• [TRY IT]
Without the pictures, set down every line of the data exactly.

• [GIVEN DATA]
= Beginning of Section =

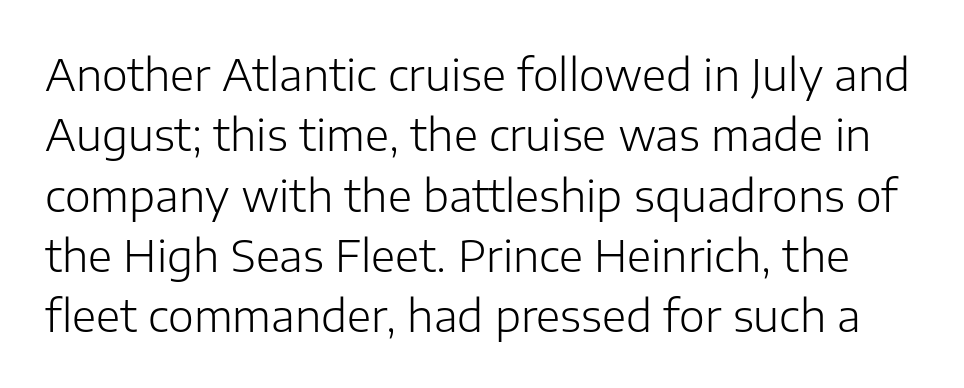
The image shows 44 px light sans-serif type, upright; set normal line spacing (1.37x), normal letter spacing, not underlined; low stroke contrast and a medium x-height.
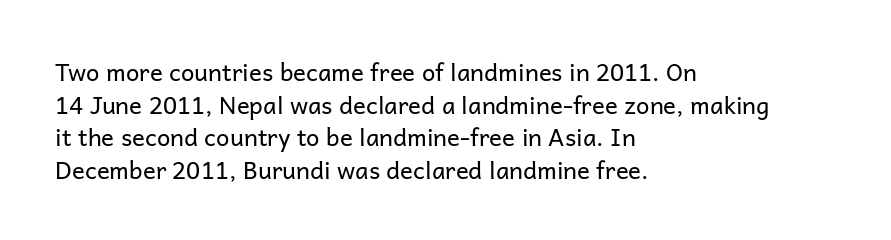
The image shows 24 px text type, upright; set left-aligned, normal line spacing (1.36x), normal letter spacing, not underlined.
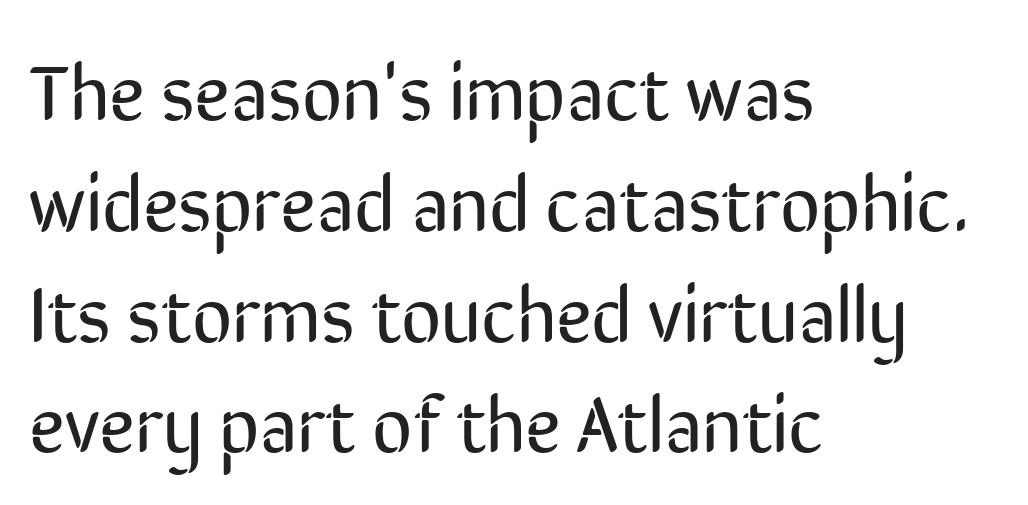
In terms of posture, this sample is upright. The lines are quadded left. Clear beneath every line of the passage. Tracking value appears to be zero — textbook default spacing. Character widths vary here, with narrow letters taking less room than wide ones.

= End of Section =

• [PROBLEM SOLUTION]
The image shows 44 px light sans-serif type, upright; set normal line spacing (1.37x), normal letter spacing, not underlined; low stroke contrast and a medium x-height.
The image shows 24 px text type, upright; set left-aligned, normal line spacing (1.36x), normal letter spacing, not underlined.
In terms of posture, this sample is upright. The lines are quadded left. Clear beneath every line of the passage. Tracking value appears to be zero — textbook default spacing. Character widths vary here, with narrow letters taking less room than wide ones.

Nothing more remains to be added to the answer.